Entries taken from a collection:
__________
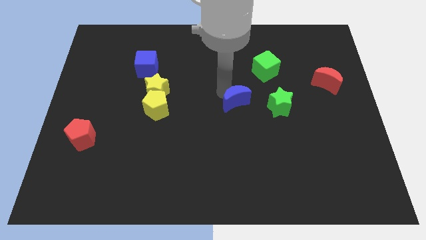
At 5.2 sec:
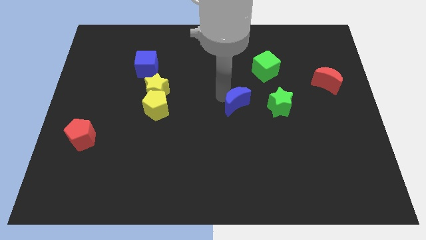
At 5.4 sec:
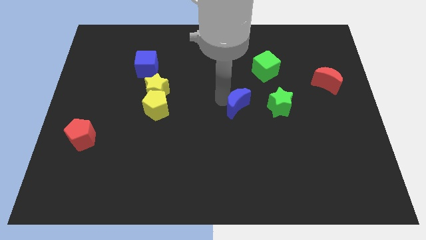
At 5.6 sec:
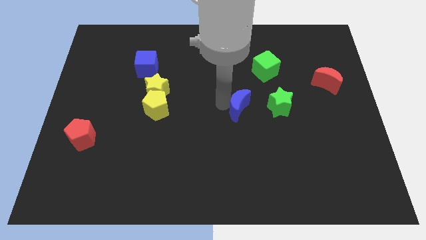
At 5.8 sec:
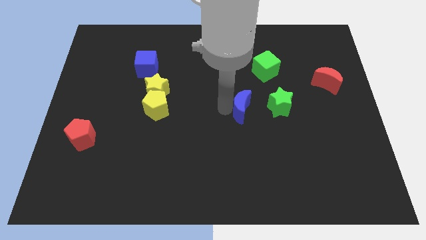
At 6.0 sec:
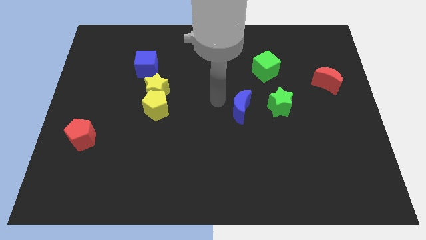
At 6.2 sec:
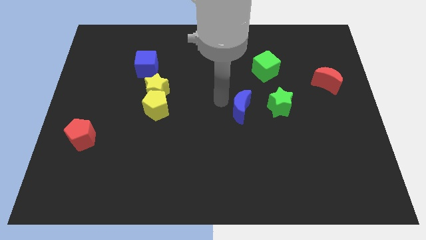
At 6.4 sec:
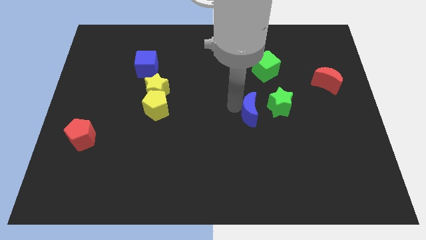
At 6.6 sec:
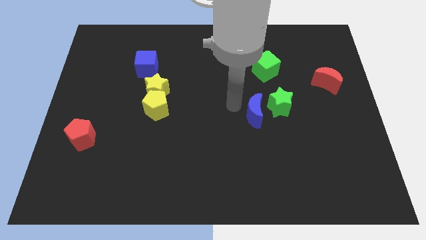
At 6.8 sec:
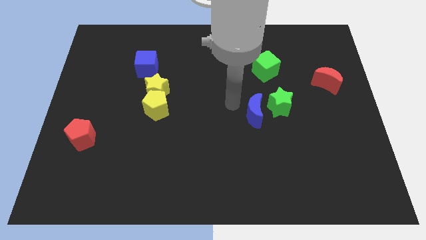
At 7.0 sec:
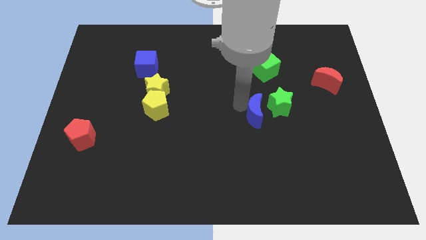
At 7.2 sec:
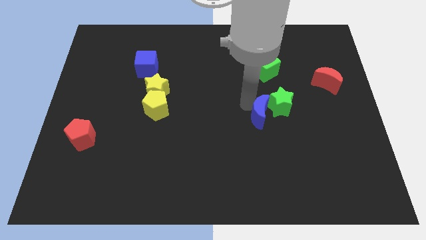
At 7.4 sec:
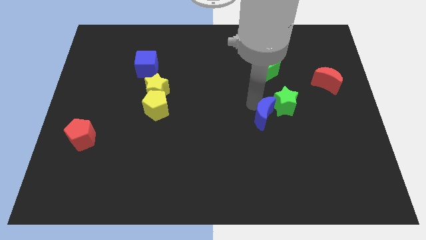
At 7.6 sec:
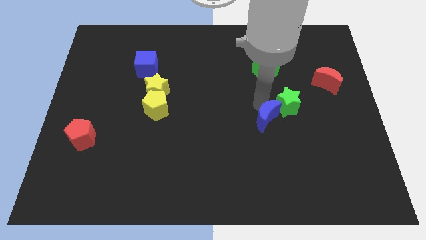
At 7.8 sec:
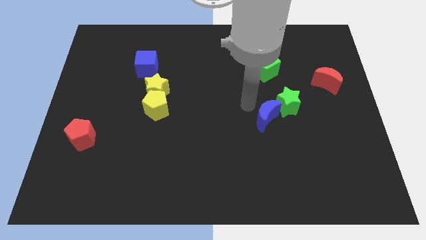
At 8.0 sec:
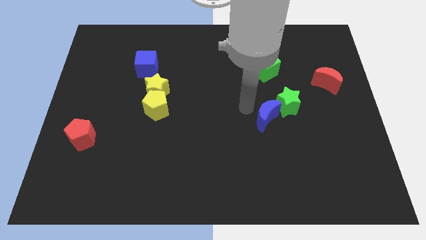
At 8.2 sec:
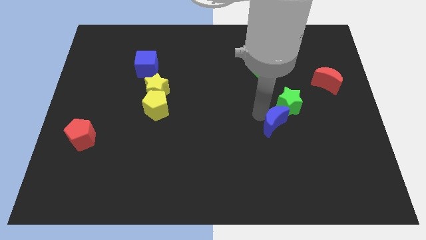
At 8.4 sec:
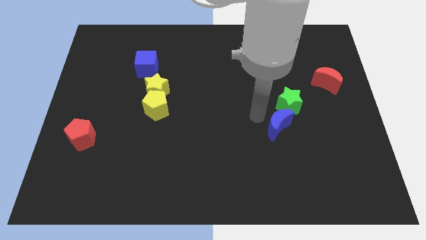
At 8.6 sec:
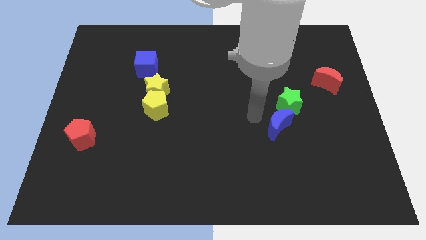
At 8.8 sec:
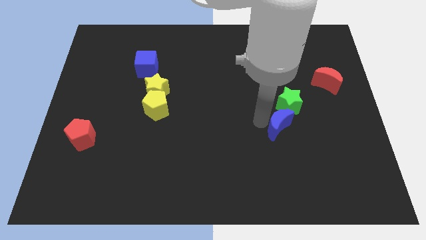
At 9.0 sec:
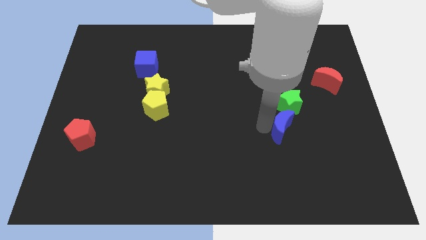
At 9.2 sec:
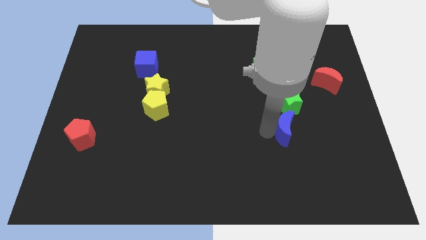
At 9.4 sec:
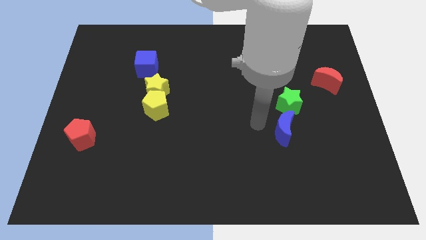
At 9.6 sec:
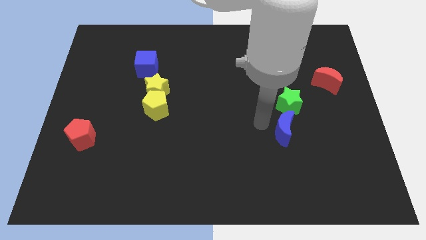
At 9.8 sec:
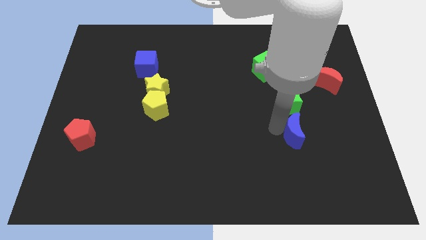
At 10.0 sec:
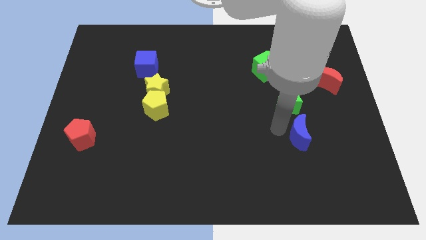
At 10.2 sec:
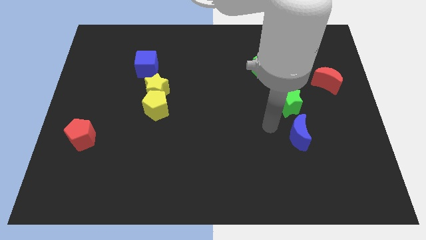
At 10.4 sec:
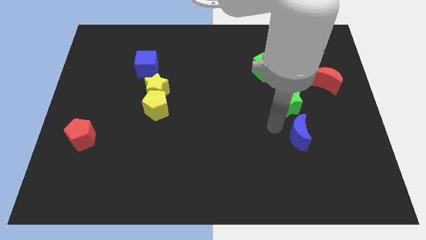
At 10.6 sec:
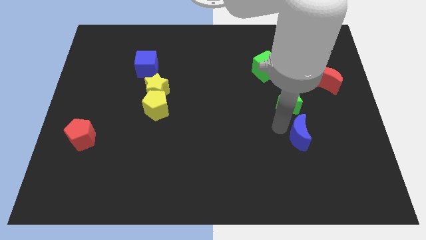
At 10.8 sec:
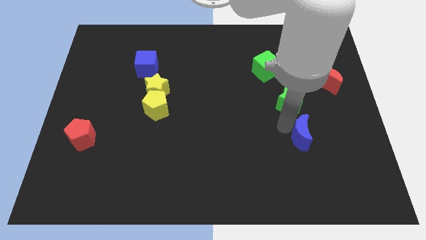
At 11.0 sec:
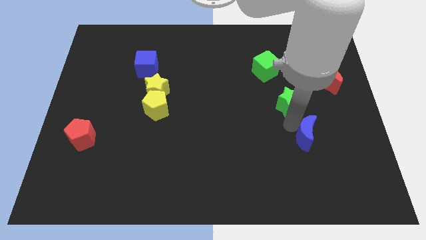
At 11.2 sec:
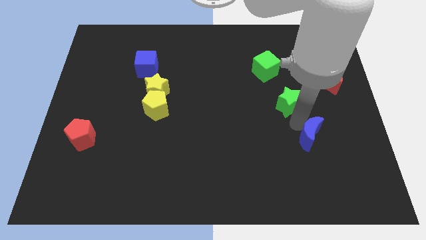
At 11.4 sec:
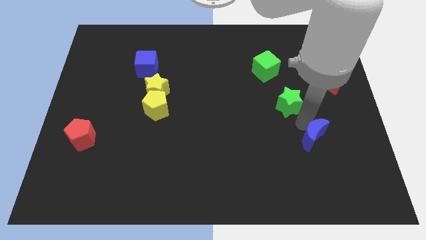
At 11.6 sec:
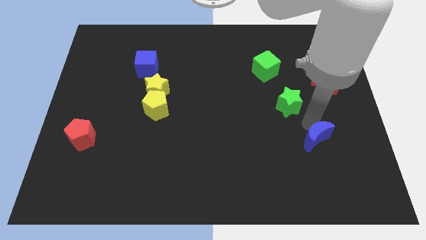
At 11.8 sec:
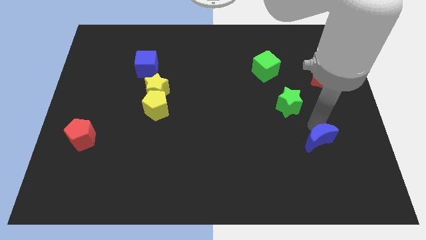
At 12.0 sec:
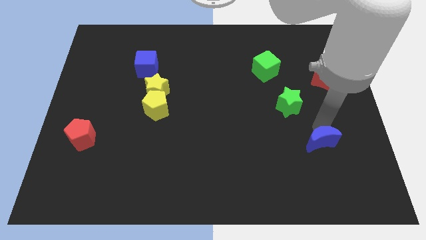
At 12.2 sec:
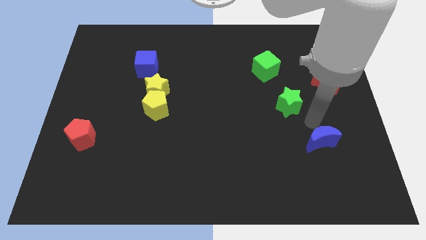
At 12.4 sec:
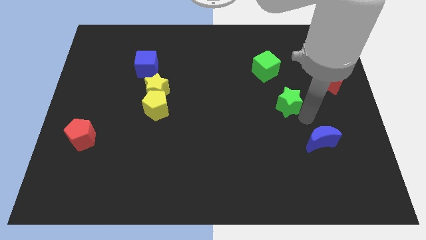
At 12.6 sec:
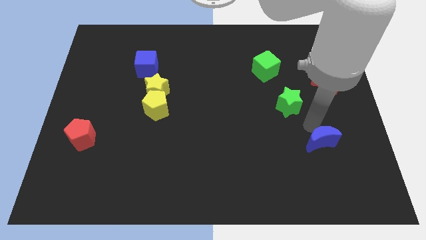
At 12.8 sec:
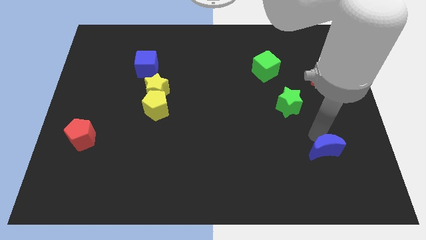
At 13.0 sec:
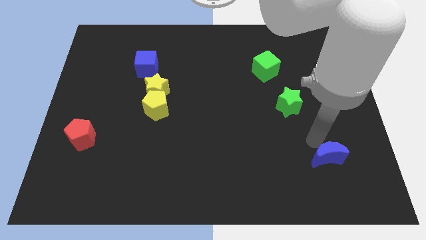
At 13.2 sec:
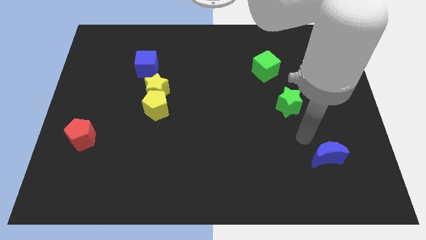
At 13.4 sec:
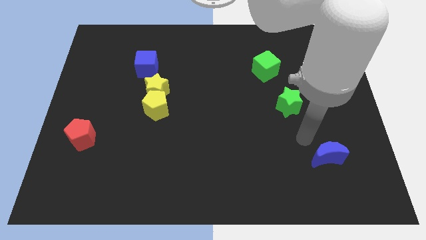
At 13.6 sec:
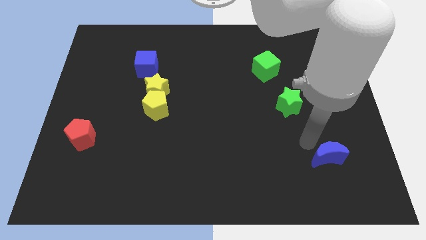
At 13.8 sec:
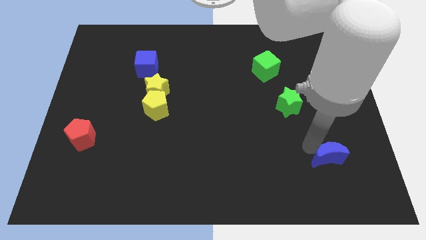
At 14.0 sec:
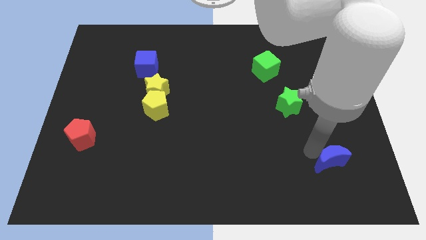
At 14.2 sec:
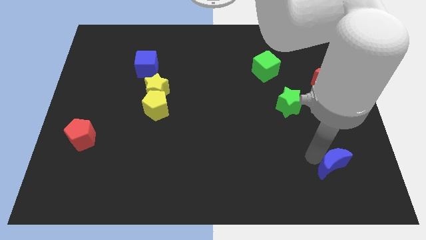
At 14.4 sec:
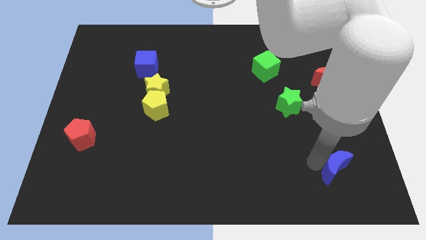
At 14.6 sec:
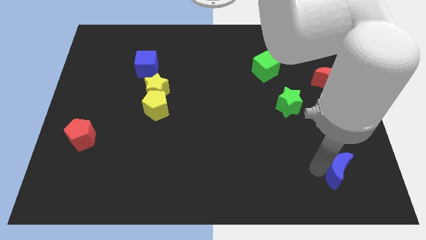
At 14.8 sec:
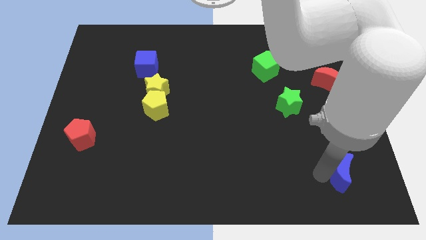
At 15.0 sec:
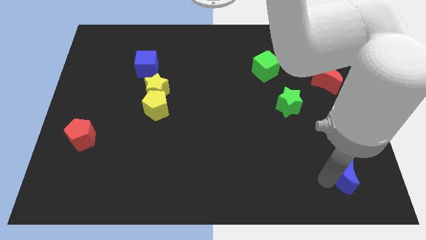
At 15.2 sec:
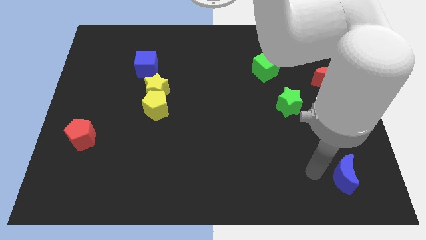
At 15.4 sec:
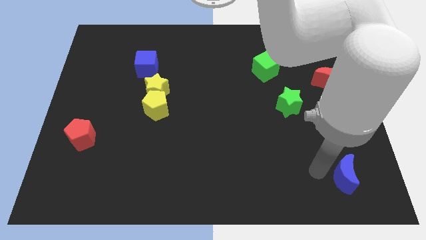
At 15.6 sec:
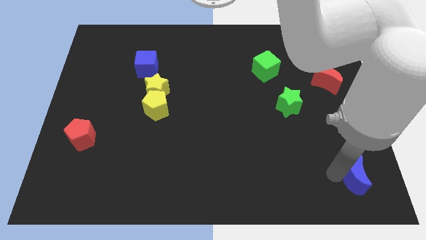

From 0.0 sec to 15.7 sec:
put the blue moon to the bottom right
__________
• The problem: Leave every image out and retype the entries above word for word.

• Answer for the task:
At 5.2 sec:
At 5.4 sec:
At 5.6 sec:
At 5.8 sec:
At 6.0 sec:
At 6.2 sec:
At 6.4 sec:
At 6.6 sec:
At 6.8 sec:
At 7.0 sec:
At 7.2 sec:
At 7.4 sec:
At 7.6 sec:
At 7.8 sec:
At 8.0 sec:
At 8.2 sec:
At 8.4 sec:
At 8.6 sec:
At 8.8 sec:
At 9.0 sec:
At 9.2 sec:
At 9.4 sec:
At 9.6 sec:
At 9.8 sec:
At 10.0 sec:
At 10.2 sec:
At 10.4 sec:
At 10.6 sec:
At 10.8 sec:
At 11.0 sec:
At 11.2 sec:
At 11.4 sec:
At 11.6 sec:
At 11.8 sec:
At 12.0 sec:
At 12.2 sec:
At 12.4 sec:
At 12.6 sec:
At 12.8 sec:
At 13.0 sec:
At 13.2 sec:
At 13.4 sec:
At 13.6 sec:
At 13.8 sec:
At 14.0 sec:
At 14.2 sec:
At 14.4 sec:
At 14.6 sec:
At 14.8 sec:
At 15.0 sec:
At 15.2 sec:
At 15.4 sec:
At 15.6 sec:

From 0.0 sec to 15.7 sec:
put the blue moon to the bottom right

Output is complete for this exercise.